---- Records provided

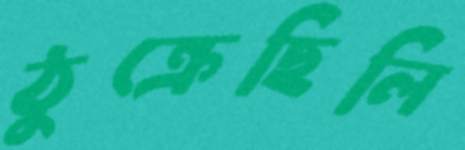
ঠুক্‌রেছিলি
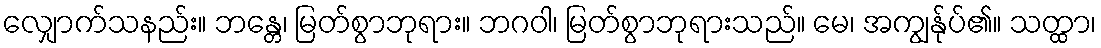
လျှောက်သနည်း။ ဘန္တေ၊ မြတ်စွာဘုရား။ ဘဂဝါ၊ မြတ်စွာဘုရားသည်။ မေ၊ အကျွန်ုပ်၏။ သတ္ထာ၊
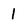
Character: 1
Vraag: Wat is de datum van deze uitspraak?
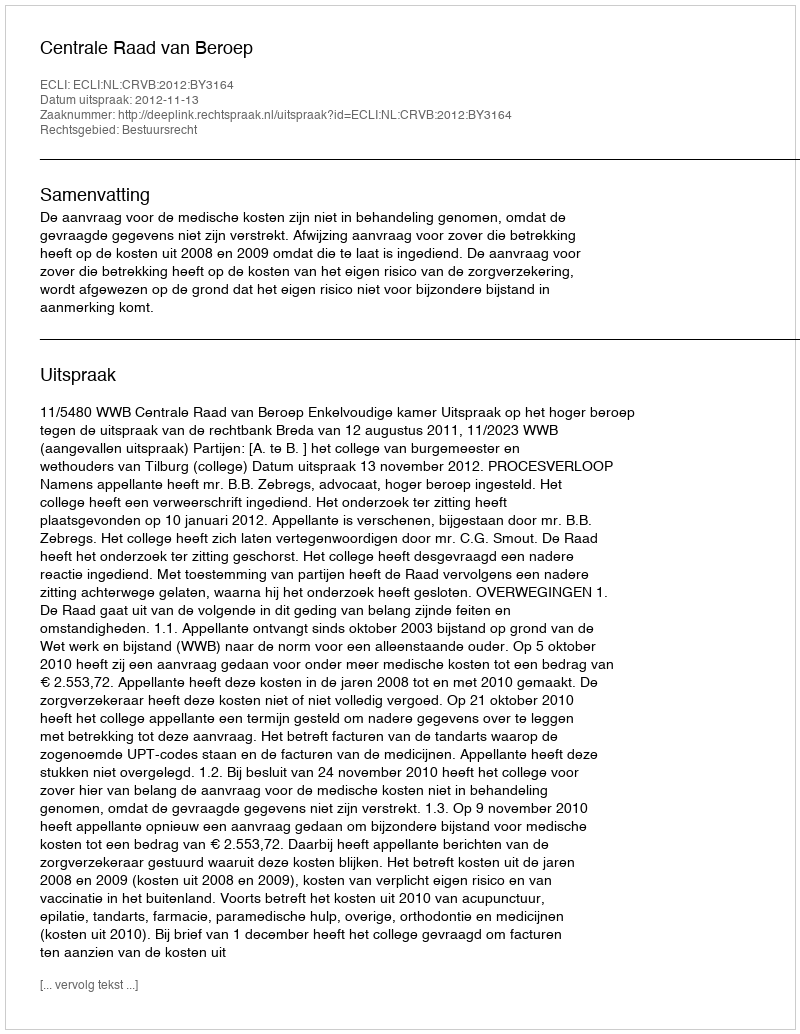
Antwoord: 2012-11-13
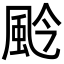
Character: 𩖦
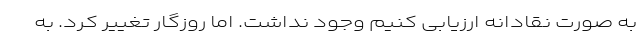
به صورت نقادانه ارزیابی کنیم وجود نداشت. اما روزگار تغییر کرد. به
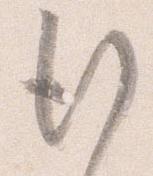
行
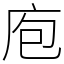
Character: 庖
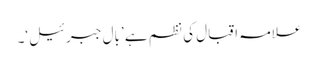
علامہ اقبال کی نظم ہے ’بالِ جبرئیل‘۔
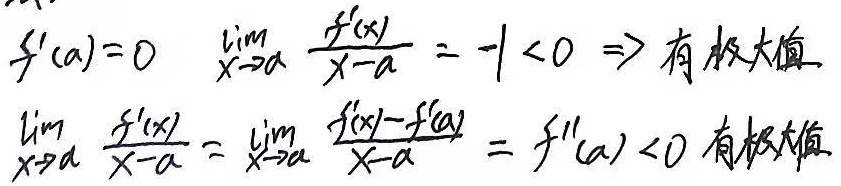
由 \(f'(a)=0\) 且 \(\lim_{x \to a}\frac{f'(x)}{x - a}=-1<0\) 可知函数在 \(x = a\) 处有极大值。

因为 \(\lim_{x \to a}\frac{f'(x)}{x - a}=\lim_{x \to a}\frac{f'(x)-f'(a)}{x - a}=f''(a)<0\)，所以函数在 \(x = a\) 处有极大值。

\[
\begin{align*}
&f'(a)=0\\
&\lim_{x \to a}\frac{f'(x)}{x - a}=-1<0\\
&\lim_{x \to a}\frac{f'(x)}{x - a}=\lim_{x \to a}\frac{f'(x)-f'(a)}{x - a}=f''(a)<0
\end{align*}
\]
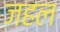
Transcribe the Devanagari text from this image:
जहल
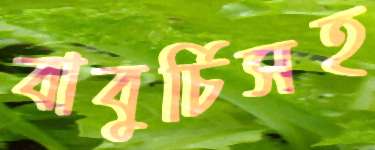
বাবুর্চিসহ
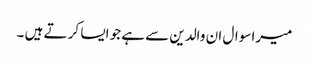
میرا سوال ان والدین سے ہے جو ایسا کر تے ہیں ۔
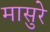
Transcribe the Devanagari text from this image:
मासुरे
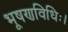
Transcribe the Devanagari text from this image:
भूषणविधिः।
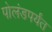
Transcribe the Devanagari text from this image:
पोलंडपर्यंत
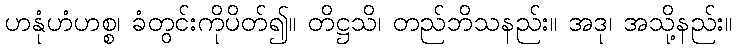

--------

Task objective >> When you reach the line containing "Antwoord: 2012-11-13" in the entries above, please retype it and each line after it through the last one, exactly, without the pictures.

Task response >>
Antwoord: 2012-11-13
Character: 𩖦
به صورت نقادانه ارزیابی کنیم وجود نداشت. اما روزگار تغییر کرد. به
行
Character: 庖
علامہ اقبال کی نظم ہے ’بالِ جبرئیل‘۔
由 \(f'(a)=0\) 且 \(\lim_{x \to a}\frac{f'(x)}{x - a}=-1<0\) 可知函数在 \(x = a\) 处有极大值。

因为 \(\lim_{x \to a}\frac{f'(x)}{x - a}=\lim_{x \to a}\frac{f'(x)-f'(a)}{x - a}=f''(a)<0\)，所以函数在 \(x = a\) 处有极大值。

\[
\begin{align*}
&f'(a)=0\\
&\lim_{x \to a}\frac{f'(x)}{x - a}=-1<0\\
&\lim_{x \to a}\frac{f'(x)}{x - a}=\lim_{x \to a}\frac{f'(x)-f'(a)}{x - a}=f''(a)<0
\end{align*}
\]
Transcribe the Devanagari text from this image:
जहल
বাবুর্চিসহ
میرا سوال ان والدین سے ہے جو ایسا کر تے ہیں ۔
Transcribe the Devanagari text from this image:
मासुरे
Transcribe the Devanagari text from this image:
भूषणविधिः।
Transcribe the Devanagari text from this image:
पोलंडपर्यंत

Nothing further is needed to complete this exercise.